Besides Bali, I would say:
– August 1998 in southwest Madagascar (unreal ethnics, far-fetched deserted lines, slowest transport ever, best light ever, feels like the “morning of the earth” every day.
– June 2001 in Pakistan (3 jeeps scouting the Makran Coast from the Iranian border up to Karachi, hottest place ever, sandy and dusty, the Mirage right pointbreak, heavy beach breaks, the military and smugglers factor)
– January 2005 in Maluku (chartering a boat with John Callahan and Alan Van Gysen from Manado with semi-pros to officially start the surf campaign in Morotai and Halmahera, smoking volcanoes, intense waterfalls, jungle quality surf, the crazy race with the Rip Curl boat)
– February 2007 in Libya (our best Med trip after 7 winter trips in that closed sea, no one really made it after we went there, found high quality lefts, West Australia premises, unique search through lake Kadhafi Kernel land)
– March 2011 in Sumatra for the Bono (on our third trip there, we really found gold with an epic search adventure with Rip Curl team riders like Tom Curren, quite a difficult media trip with Ted Grambeau, Nate Lawrence and Jon Frank but highly successful imagery creating a world buzz on April Fool day, the day of release of the teaser)
Packing for a surf trip to surf a tidal bore in the middle of Africa must be very different to the average surf trip to the Maldives or Indo!
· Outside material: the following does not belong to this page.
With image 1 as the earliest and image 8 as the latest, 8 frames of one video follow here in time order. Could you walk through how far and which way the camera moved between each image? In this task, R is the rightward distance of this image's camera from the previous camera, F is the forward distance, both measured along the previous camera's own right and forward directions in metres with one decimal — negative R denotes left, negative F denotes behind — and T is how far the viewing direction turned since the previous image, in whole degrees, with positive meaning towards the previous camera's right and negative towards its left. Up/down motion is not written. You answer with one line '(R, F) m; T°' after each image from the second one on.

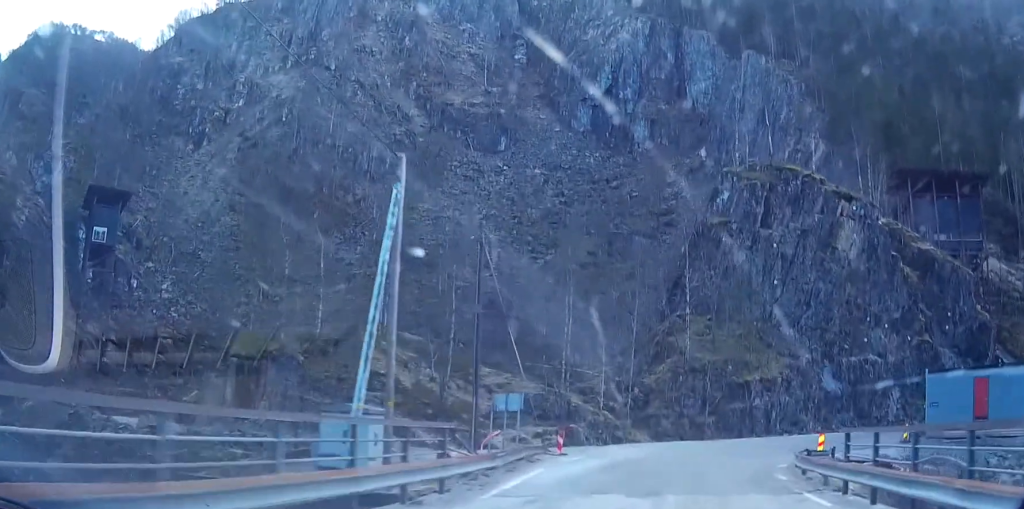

Can you tell us some of the weirdest things you have had to prepare for or pack in your suitcase/board bag?
Well, nothing fancy really, apart from a diving knife for crocs, a personal bedsheet in case you have to sleep in your board bag, a lock so you can use your board bag as a safety box and a Leatherman tool to deal with usual technical problems. I’ve always stuck by this motto: half of what you think you will need but take twice as much budget! And if you’re a pale chap like me, take various different sun creams – the sun will kill you better than any of the sharp reefs out there (in the long run).
We’re all in need of some serious travel inspo down under. Can you tell us about your favourite experience or moment as a surf explorer?
Surf trips are like butter and jam, the better you spread them, the tastier it gets. Those 3 parts (pre, during and post) really make a surf trip special. The more time you spend reading about a destination before getting there, especially becoming aware of maps, surf locations, historical and cultural stuff, means that when you get there, you will feel more at home. During the trip, I personally prefer to keep my expectations low, so things seem more magical – as if finding a good wave is a miracle and not owed to me. It’s also important to emphasize those special moments, like cheering your friend on as he gets barrelled. But, these things are always easier said than done. One of my sayings is “if you don’t know, you don’t go. BUT if you don’t go, you don’t know”. Create your own surfing experience wherever you go. And remember: “there is no way to happiness, happiness is the way”.
Yep’s first post-Covid surf trip to the Maldives with his friends, 10 days after the region re-opened it’s borders in July! Now that is what we call “dedication to the cause”!